Topçu, geçmişte bir arada dava arkadaşlığı yaptıklarını da hatırlatarak, “Kahramanmaraş Ekinözü 1932 doğumlu olan merhum Karakoç, 7 Haziran 2012’de Ankara’da hakkın rahmetine kavuştu. Yerli, ulusal ve inanmış duru bir Müslüman diye tanımlayabileceğimiz merhum Karakoç, ‘Ükücü Hareket’te yer almış, merhum Muhsin Yazıcıoğlu Başkan’ın kurduğu ve malumunuz benim de kurucularından biri olduğum partinin 99 kurucusu içinde yer almış, bir müddetde divan üyesi olarak benim de Ankara vilayet lideri olduğum periyotta genel lider yardımcısı olarak bakılırsav yapmıştı.” formunda konuştu.

Karakoç, gaye insanı ve gönül adamı idi

Abdurrahim Karakoç’un yaratılış gayesine uygun yaşadığını belirten Topçu, konuşmasına şöyleki devam etti: “Türk beşerinin gönlünde müstesna bir yere sahip olan merhum Abdurrahim Karakoç, büyük Türk milletinin inancını, his ve niyetlerini, sevincini, tasasını, hakkını, hukukunu, sıkıntısını, gereksinimini, sıkıntısını, vatan, millet, bayrak, devletinin varlığı davasını eğip bükmeden kalemince yiğitçe lisana getiren, savunan, yerliliğini ve bilgeliğini milletine, vatanına, devletine dahası yaradılış gayesine adamış bir kelam ustası, bununla birlikte bir mefkure, gaye insanı ve de gönül adamı idi.
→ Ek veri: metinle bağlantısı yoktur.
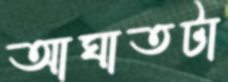
আঘাতটা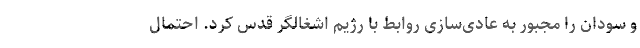
و سودان را مجبور به عادی‌سازی روابط با رژیم اشغالگر قدس کرد. احتمال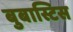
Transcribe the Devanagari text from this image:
बुबास्टिस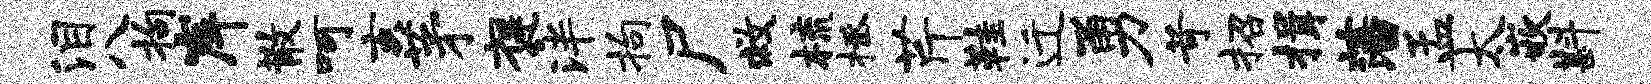
泪八拘岸散呵亥茅褒泮拘尸救梳拯芹鞋迁勇苛招揖藩孟太嵌斟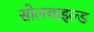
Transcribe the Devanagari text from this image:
सोलचाइल्ड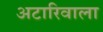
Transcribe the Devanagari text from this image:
अटारिवाला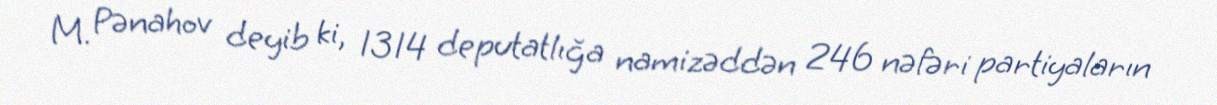
M. Pənahov deyib ki, 1314 deputatlığa namizəddən 246 nəfəri partiyaların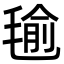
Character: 毺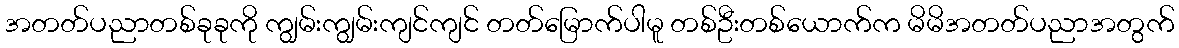
အတတ်ပညာတစ်ခုခုကို ကျွမ်းကျွမ်းကျင်ကျင် တတ်မြောက်ပါမူ တစ်ဦးတစ်ယောက်က မိမိအတတ်ပညာအတွက်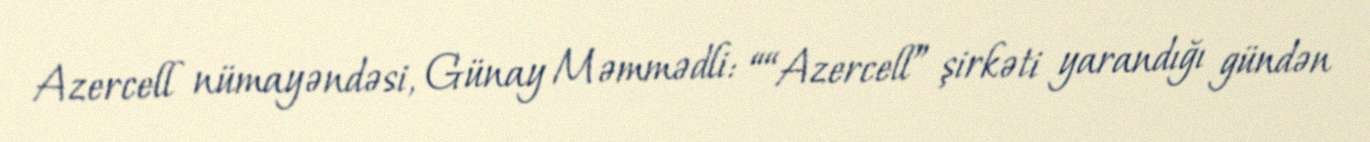
Azercell nümayəndəsi, Günay Məmmədli: ““Azercell” şirkəti yarandığı gündən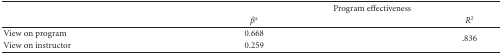
<table><thead><tr><td><b> </b></td><td colspan="2"><b>Program effectiveness</b></td></tr><tr><td><b> </b></td><td><b><i>β</i><sup>a</sup></b></td><td><b><i>R</i><sup>2</sup></b></td></tr></thead><tbody><tr><td>View on program</td><td>0.668</td><td rowspan="2">.836</td></tr><tr><td>View on instructor</td><td>0.259</td></tr></tbody></table>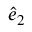
\hat { e } _ { 2 }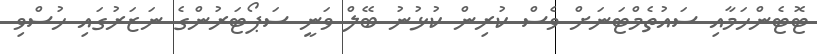
ޓޮޓެންހަމާއި ސައުތެމްޓަނަށް ވެސް ކުރިން ކުޅުނު ބޭލް ވަނީ ސަޕޯޓަރުންގެ ނަޒަރުގައި ހުސްވި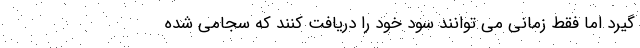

Yazıları, şiirleri, sohbetleri, yaşantısı, hâl ve hali ve dahi kanıları şahitlik ederiz ki, rıza-yı bari içindi. Ne memnun bizlere ki, bu biçimde bir kişiselyetle birlikte olmuş, mesai paylaşıp onun sohbetlerinde bulunmuş, onun ülküdaşı, gönüldaşı ve fikrî akrabası olmuşuz. özetlemek gerekirse her beşere nasip olmayacak bir imtiyaz bizlere nasip olmuş ne kadar gururlansak ve övünç duysak azdır.

Merhum Abdurrahim Karakoç ağabeyimizi tanıyan herkes şahittir ki o, hayatını yaradılış gayesinin buyruğuna amade etmiş ve yaratılış gayesine uygun hayatıştı. Merhum Abdurrahim Karakoç; sade, kısa ve öz konuşan ve yazan, uzun ve boş kelamlardan nefret eden, pak kalpli, açık kelamlı ve açık yürekli, yürekli, emniyetli ve diğergam bununla birlikte büyük Türk milletinin vicdanı ve öfkesi olarak tarihteki yerini alarak ‘Kim Rabbine kavuşmak istiyorsa; salih amel işlesin ve Rabbine ibadet ederken de hiç kimseyi ortak koşmasın.’ ayeti mucibince muamele gorecektir inşallah. El-Fatiha.”